Here are some basic tips for plyometrics:

  • Plyometrics can be done with kids of all ages, you just have to adjust to the level of maturity.
  • Make sure when the kids land, they land soft with flexion in the knees, ankles, and hips. They shouldn’t land flat footed and loud.
  • If the athlete can’t standing broad jump his/her height, then the volume of your plyometrics should be reduced so they can handle the load properly.
  • A beginner athlete should have fewer amount of foot contacts then an advanced athlete per session. For example, a beginner might be able to handle 60-100 foot contacts, an intermediate 100-150 foot contacts, and an advanced 150-200 foot contacts.  A foot contact is every time your feet touch the ground and then you jump.  If it takes you 10 bounds to cover 30 meters, then that was 10 foot contacts.
  • Use common sense for the level of each plyometric drill.
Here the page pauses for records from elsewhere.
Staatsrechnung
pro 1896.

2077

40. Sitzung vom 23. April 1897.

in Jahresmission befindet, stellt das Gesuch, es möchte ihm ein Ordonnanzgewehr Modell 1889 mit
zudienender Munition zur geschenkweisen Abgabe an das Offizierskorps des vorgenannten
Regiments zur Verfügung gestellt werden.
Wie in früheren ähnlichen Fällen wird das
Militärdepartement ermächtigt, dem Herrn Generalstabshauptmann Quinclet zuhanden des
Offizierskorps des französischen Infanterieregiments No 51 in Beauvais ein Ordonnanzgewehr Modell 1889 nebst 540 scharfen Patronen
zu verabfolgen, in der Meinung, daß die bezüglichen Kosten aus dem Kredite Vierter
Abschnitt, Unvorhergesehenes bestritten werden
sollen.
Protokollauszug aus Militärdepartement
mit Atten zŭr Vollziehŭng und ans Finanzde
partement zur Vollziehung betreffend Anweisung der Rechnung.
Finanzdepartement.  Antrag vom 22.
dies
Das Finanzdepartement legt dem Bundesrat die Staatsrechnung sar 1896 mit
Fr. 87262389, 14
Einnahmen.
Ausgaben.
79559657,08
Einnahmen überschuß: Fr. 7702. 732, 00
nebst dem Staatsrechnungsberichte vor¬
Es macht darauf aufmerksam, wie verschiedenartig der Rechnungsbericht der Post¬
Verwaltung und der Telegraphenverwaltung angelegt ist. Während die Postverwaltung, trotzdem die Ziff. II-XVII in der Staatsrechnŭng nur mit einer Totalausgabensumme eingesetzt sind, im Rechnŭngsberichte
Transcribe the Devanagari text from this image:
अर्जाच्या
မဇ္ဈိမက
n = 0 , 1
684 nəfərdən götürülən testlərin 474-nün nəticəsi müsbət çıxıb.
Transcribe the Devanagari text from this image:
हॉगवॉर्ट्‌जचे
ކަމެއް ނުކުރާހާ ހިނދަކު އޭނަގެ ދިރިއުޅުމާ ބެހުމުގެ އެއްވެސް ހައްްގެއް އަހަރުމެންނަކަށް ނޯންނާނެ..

Skipping is far less intense than bounds.  Hopping over 10 meters is less intense than setting up 30 inch hurdles over 10 meters and hopping over those.  Younger athletes and not as skilled athletes need to use lesser intensity plyos than older more advanced athletes.
  • Sometimes this is tough to adjust because the kids want to keep jumping higher and higher, but when doing box jumps try to only jump to a height when the kid lands there is moderate flexion in the hips and knees. You try to avoid where they end up making the jump because they have great hip flexor flexibility and land looking like a frog.
  • If jumping on the box is too tough, do the reverse and have them stand on the box (maybe at a height of their standing vertical jump) and land trying to stick the landing. This will help improve their deceleration and reduce the chance of injuries happening.

I could put a million other bits of advice on here for plyos, but I think the biggest thing is work on the athlete’s overall strength and especially in the legs and core.  Get that better and then you can work on the fun plyo stuff.